For Falls Church and other impacted school districts, the cuts are estimated at 8.2 percent of current federal funding. The board’s adopted resolution says the cuts could mean larger class sizes, fewer course offerings, shorter school weeks, loss of extracurricular activities, reduced special education and limited English proficiency services, and teacher and staff lay-offs.
Nationwide, sequestration would cut education funding by more than $4 billion, and would affect the Falls Church City schools’ budget by more than $50,000 at a time when states and local governments have very limited capacity to absorb further federal budget cuts to education.

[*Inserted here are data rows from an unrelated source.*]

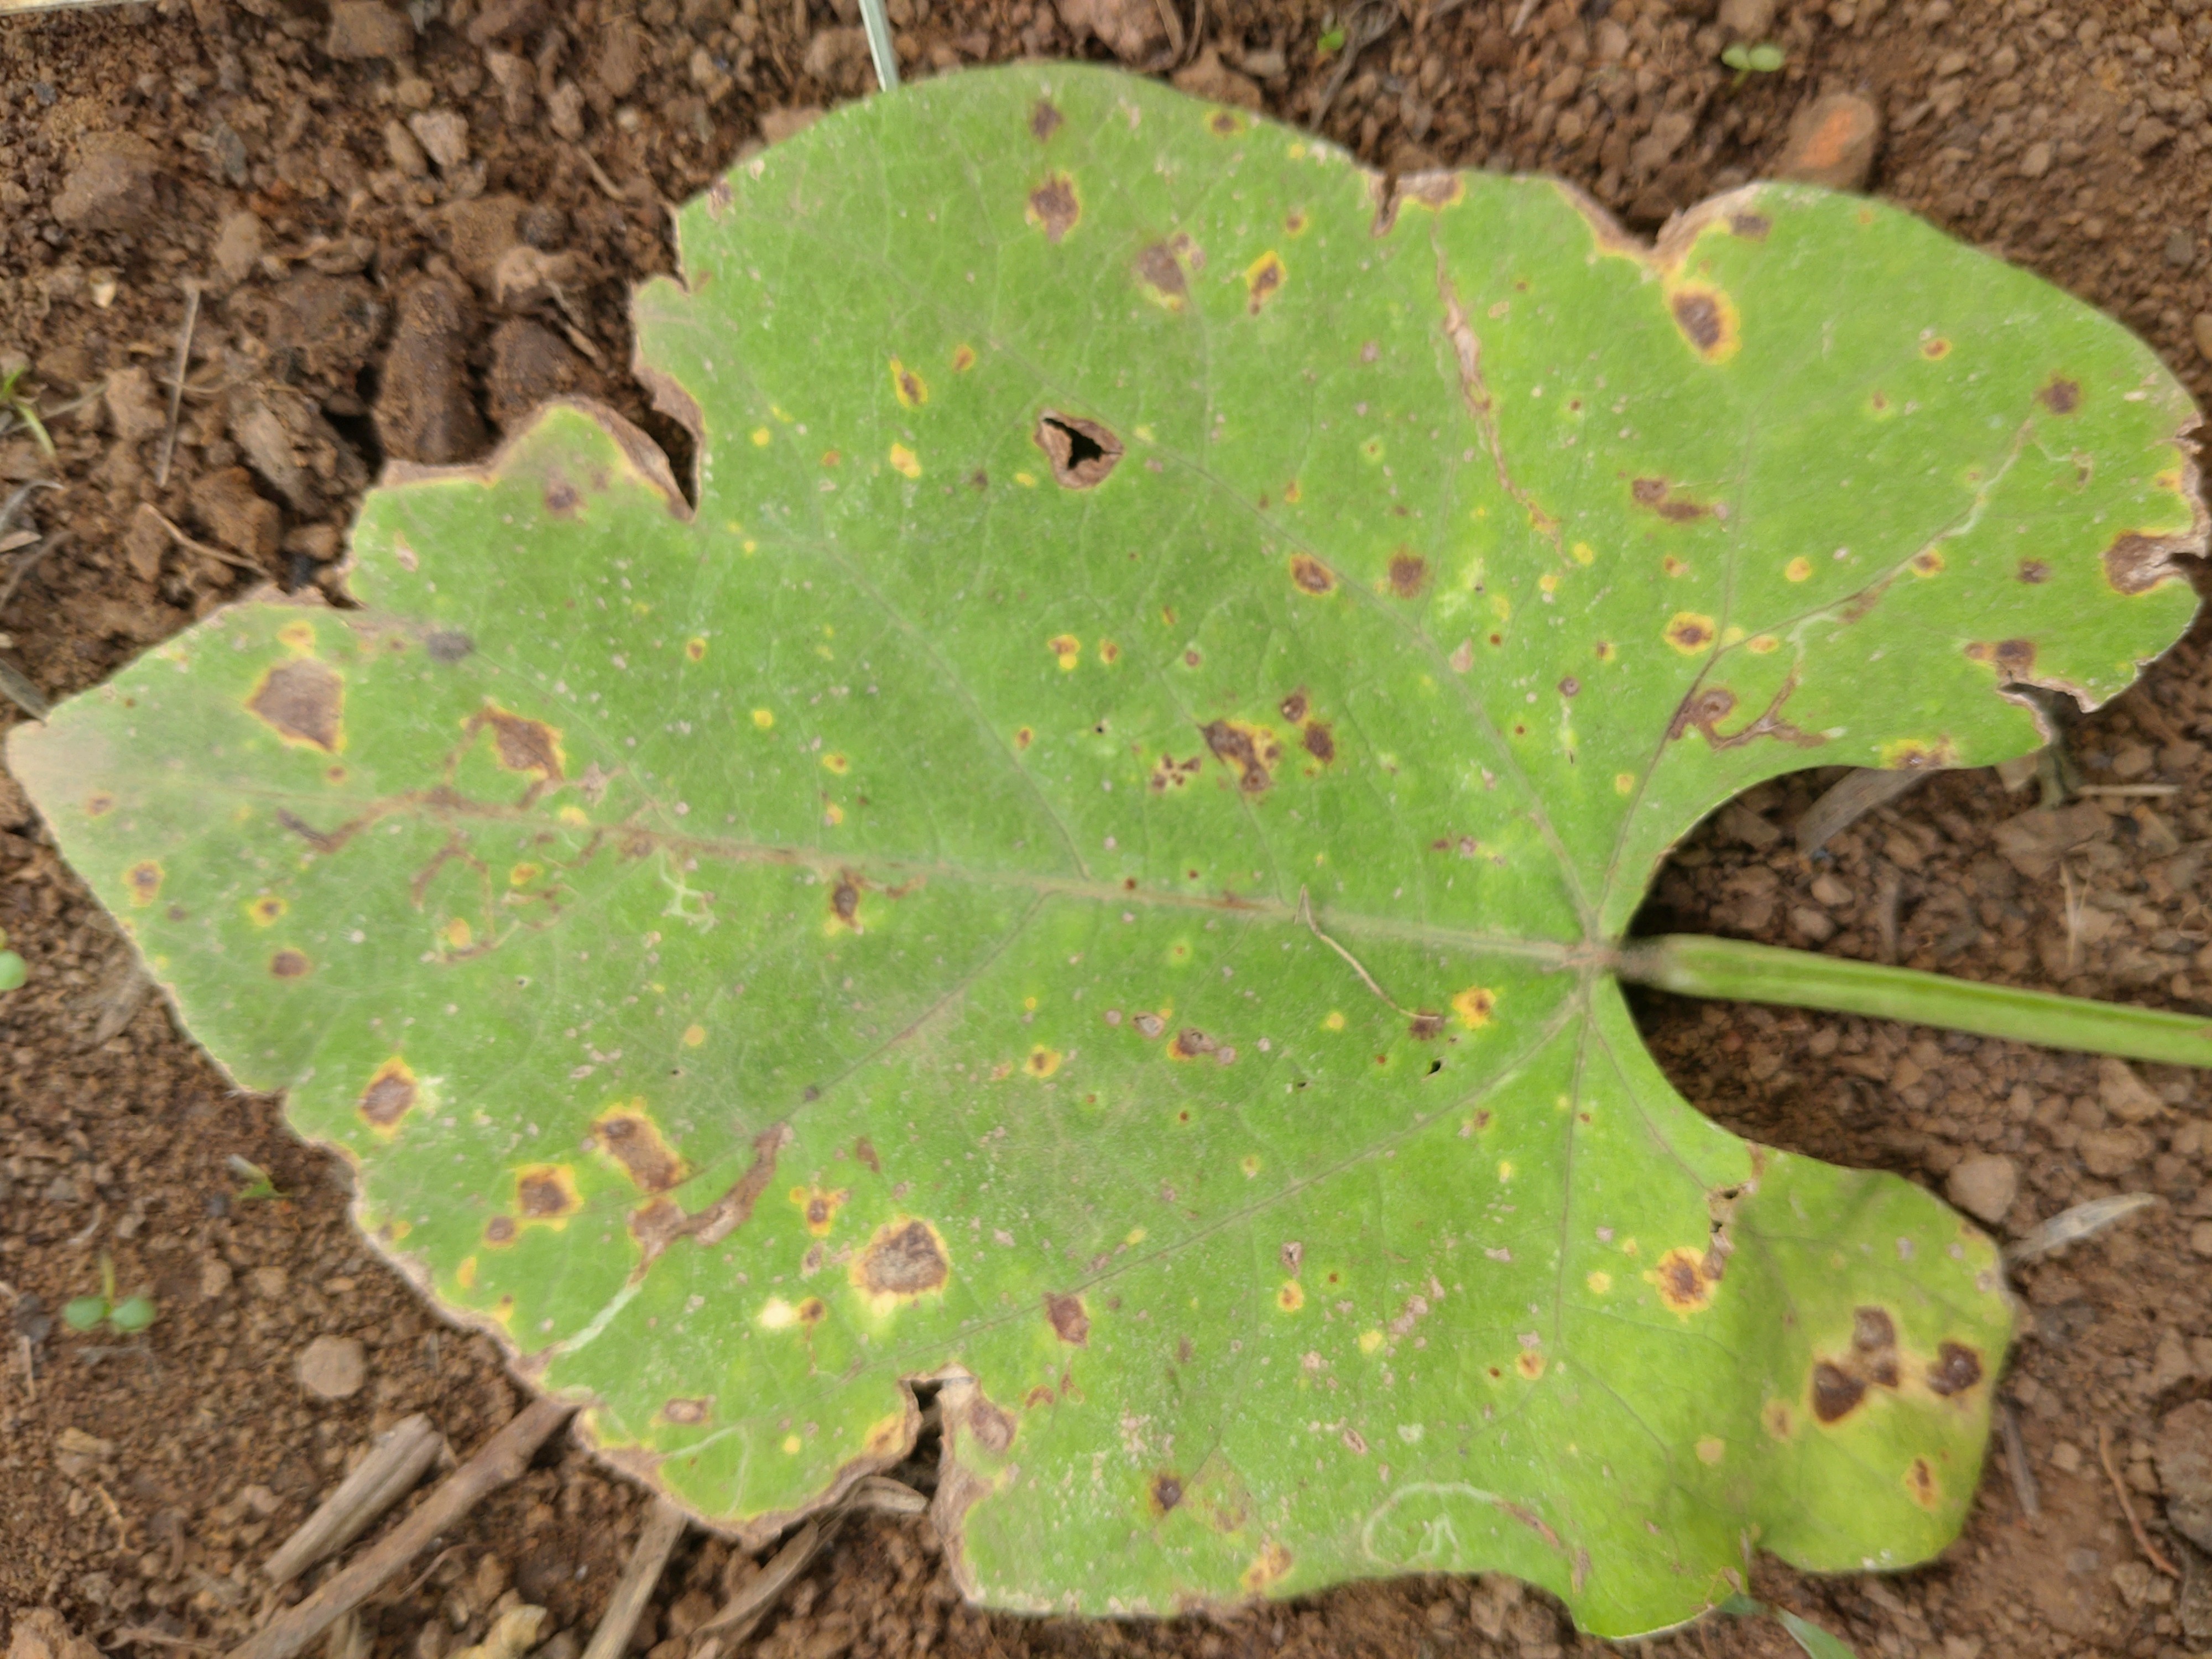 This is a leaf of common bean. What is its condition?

rust
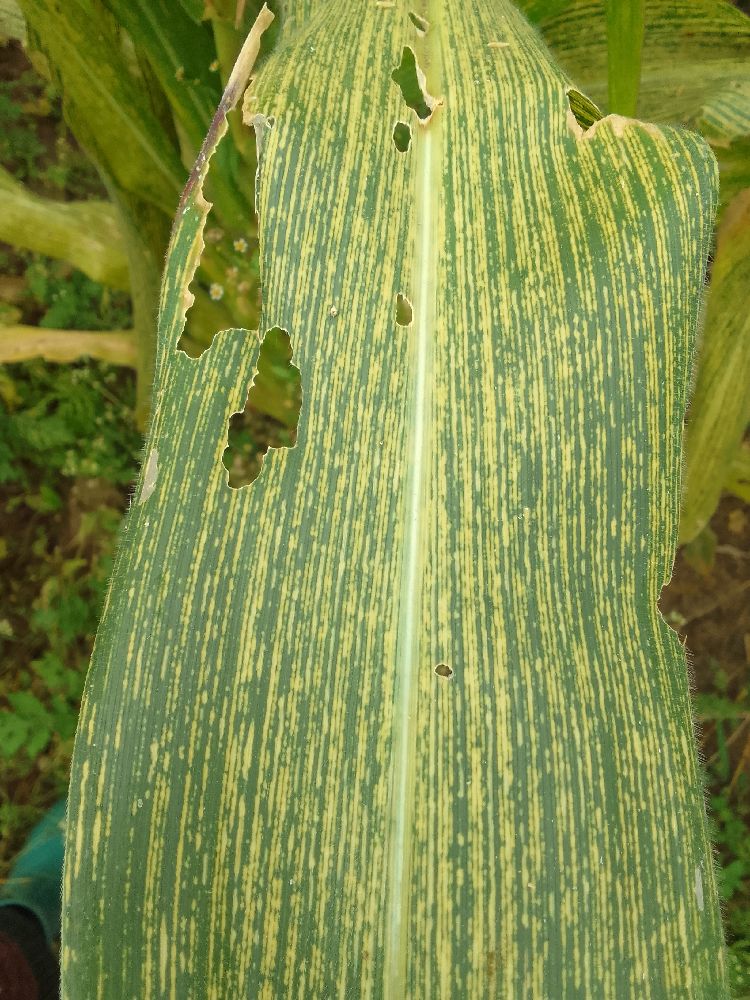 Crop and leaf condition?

maize, maize streak virus
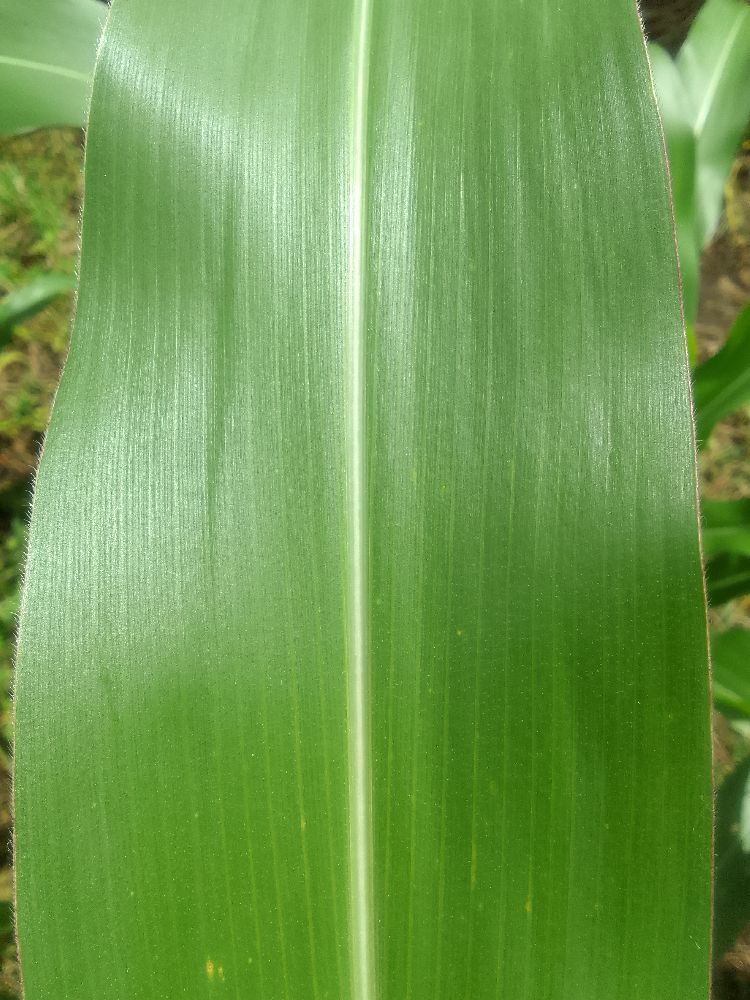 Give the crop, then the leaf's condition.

maize, healthy

“Given the enrollment increases we’ve seen -- more than 12 percent – and the absolute and per student budget cuts we’ve made since 2008, there is simply no line in our budget left to cut,” said School Board Chair Susan Kearney. “Even though federal funds are just a small percentage of our budget, any further cuts in education funding could adversely affect the quality of our education programs. And such cuts could have a devastating impact on schools elsewhere in Virginia and around the country that rely more heavily on federal funds.”
The board’s resolution urges Congress and the Administration to amend the Budget Control Act and take other actions necessary to avoid the drastic cuts to education that “sequestration” otherwise would impose. Such action would protect public education as an investment critical to economic stability, American competitiveness, and future global economic progress, the resolution maintains.
Currently, bipartisan negotiations are underway in Congress to develop an alternative to sequestration. The Falls Church school board’s resolution is being forwarded to members of Congress and the White House to urge their support to avert the sequester, and it is anticipated that thousands of school districts across the nation will take similar actions in the weeks leading up to the post-election session of Congress.